I’ve built many projects in the past that I think have immense utility in business and infrastructure, but this is really the first time that I’ve made something where it’s starting to feel like that “build it and they will come” prophecy that all engineers are hoping for. I’m by no means drowning in inbound, but I also haven’t been pushing anyone else to use IceDB. Perhaps that’s some initial customer validation that this has a practical case as a startup (or to power a startup built on top, synonymous to Relativility Space with their 3D printing to support their rocket manufacturing).
Speaking of Relativity Space, last night (as of writing) at the 2023 YC reunion I had the pleasure of listening to Tim Ellis speak about the launch industry as well as meeting him after the talk. *Bucket list item checked*

I believe this could be a unicorn 🦄

Maybe it will be the next startup I do, maybe I can reach a point where I can start it concurrently with Tangia, maybe this stays an open source passion project that nobody uses, or maybe I never never touch it again. But looking at BigQuery’s revenue (billions), and all these (unexplainably large) funding rounds going to database companies like MotherDuck and Tabular, I feel pretty good about the potential of IceDB.

The value from the journey

As a result of all of the above, even if I put down IceDB and never touch it again, I’ve gotten so much out of the adventure: I’ve met new people and gained new friends that I never would have otherwise, many at the pinnacle of their industries.

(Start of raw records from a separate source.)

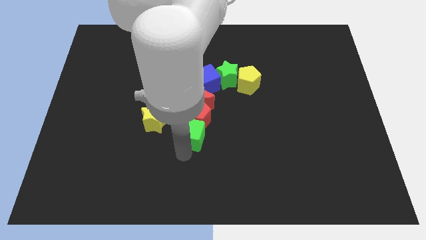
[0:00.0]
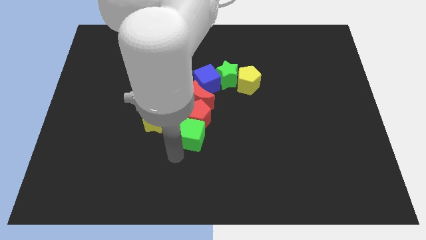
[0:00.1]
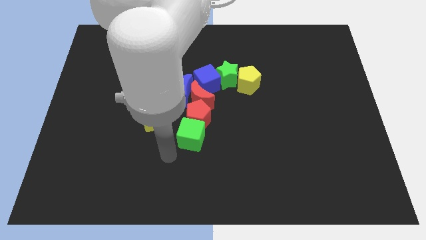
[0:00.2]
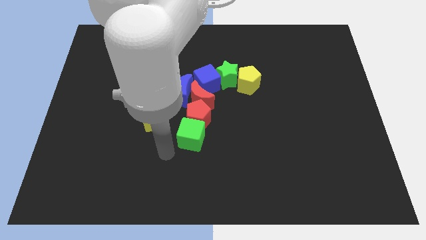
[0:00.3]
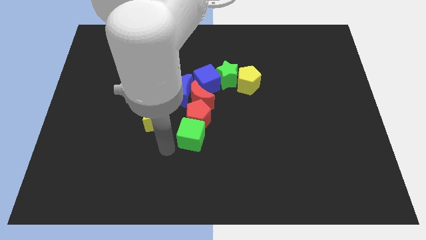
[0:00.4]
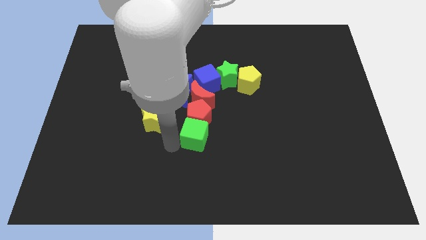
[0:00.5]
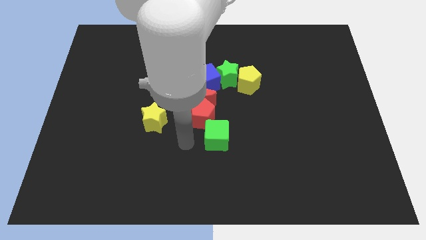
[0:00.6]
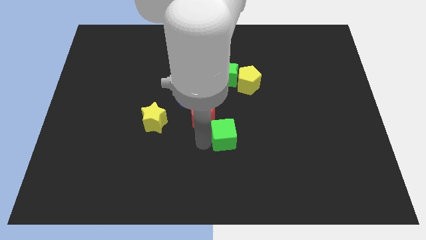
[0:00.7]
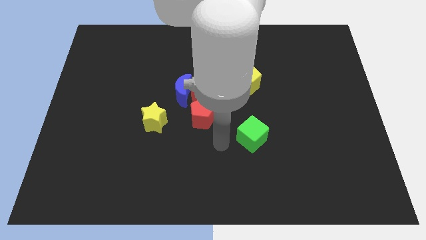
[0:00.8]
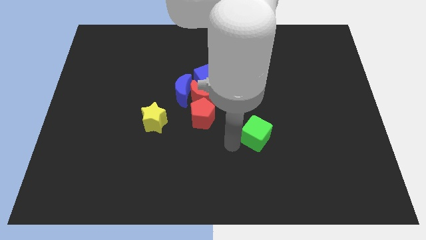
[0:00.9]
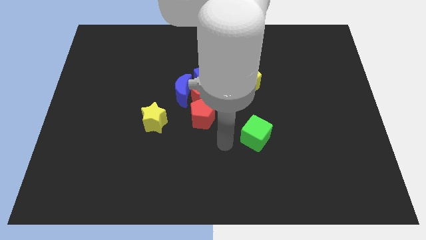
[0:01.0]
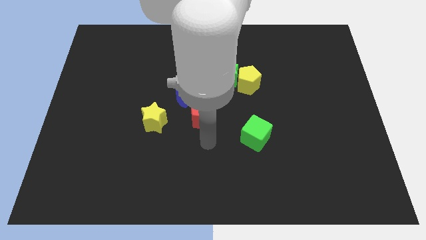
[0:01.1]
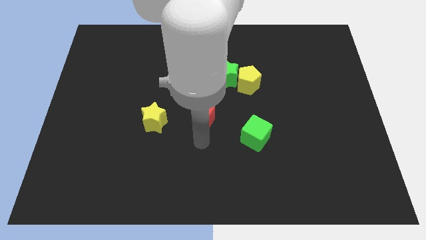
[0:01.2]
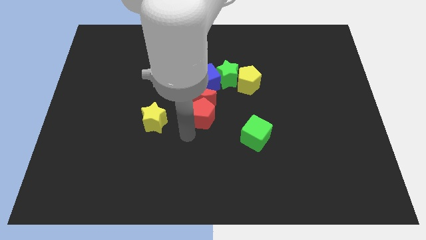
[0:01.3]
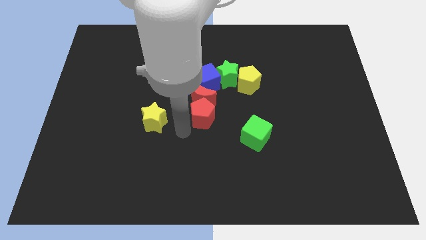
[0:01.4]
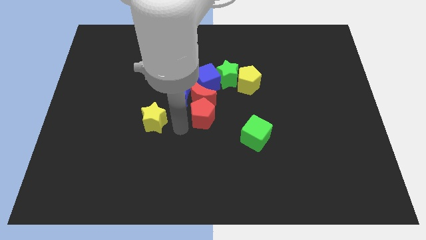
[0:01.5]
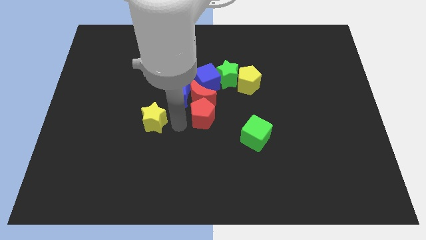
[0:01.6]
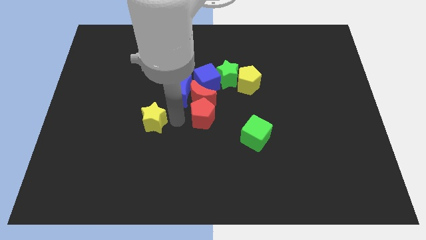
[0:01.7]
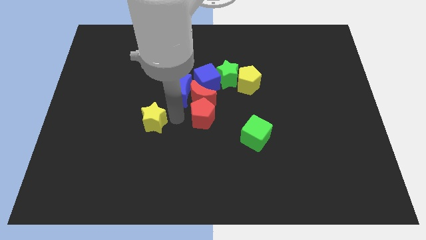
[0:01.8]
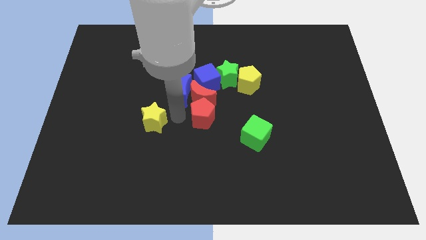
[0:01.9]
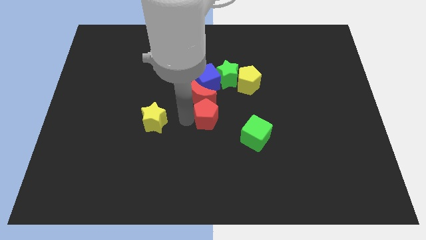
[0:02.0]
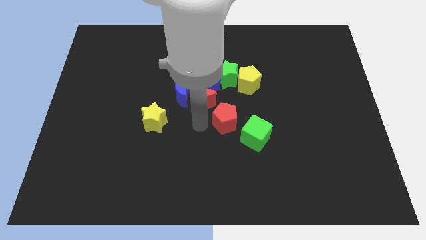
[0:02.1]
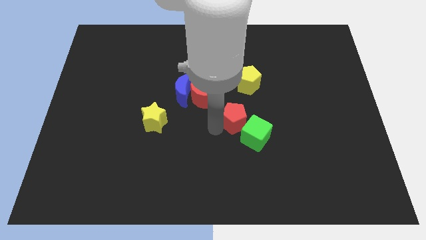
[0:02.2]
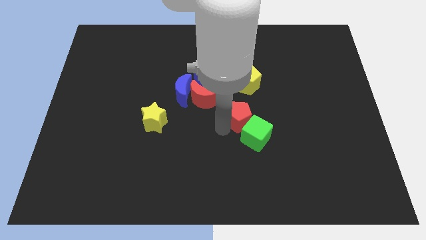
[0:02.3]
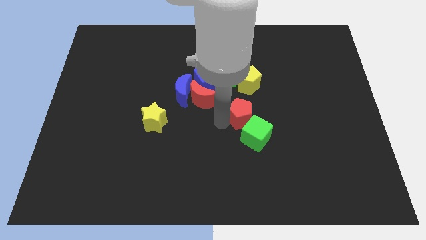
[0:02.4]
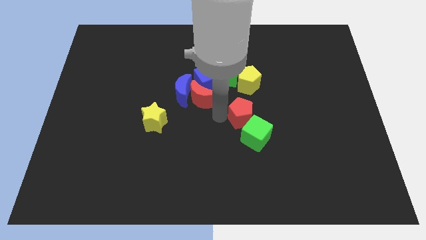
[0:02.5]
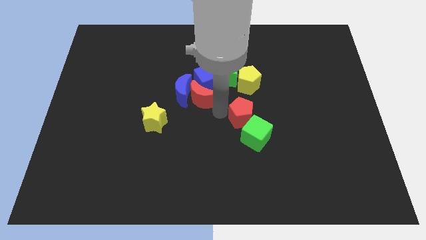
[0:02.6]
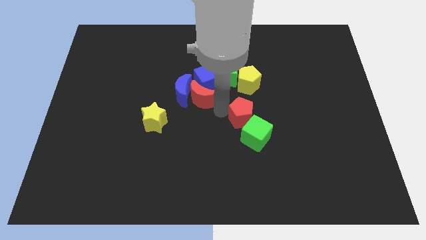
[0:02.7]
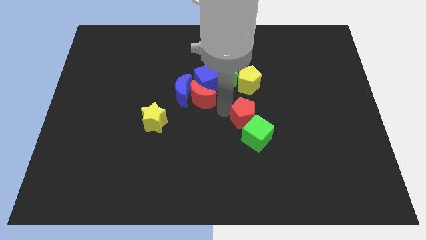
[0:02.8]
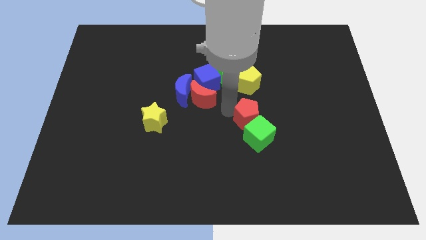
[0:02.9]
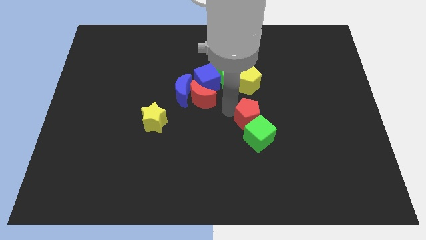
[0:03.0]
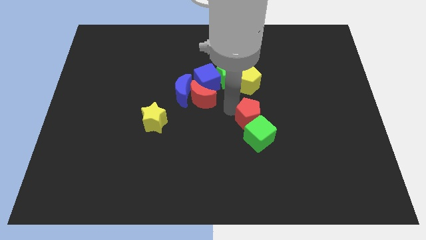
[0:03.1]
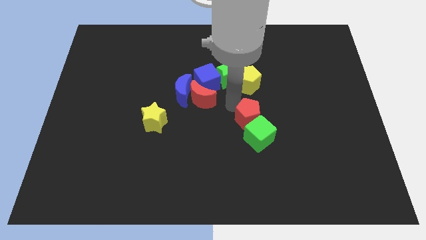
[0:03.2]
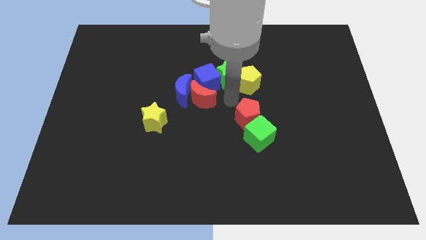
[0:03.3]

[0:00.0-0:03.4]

I’ve received multiple unsolicited job offers to work in tangential and lateral spaces. I’ve gained recognition in the space by industry leaders.
All of this - you really can’t get any other way, all at once, in such a short amount of time. You have to build to earn that.

Wrapping up

I’ve built a lot of things in the past (just see my github), many of those being very cool and things I was similarly excited about. The difference is now that I see so many things to build off IceDB that I am similarly excited about, not just IceDB itself.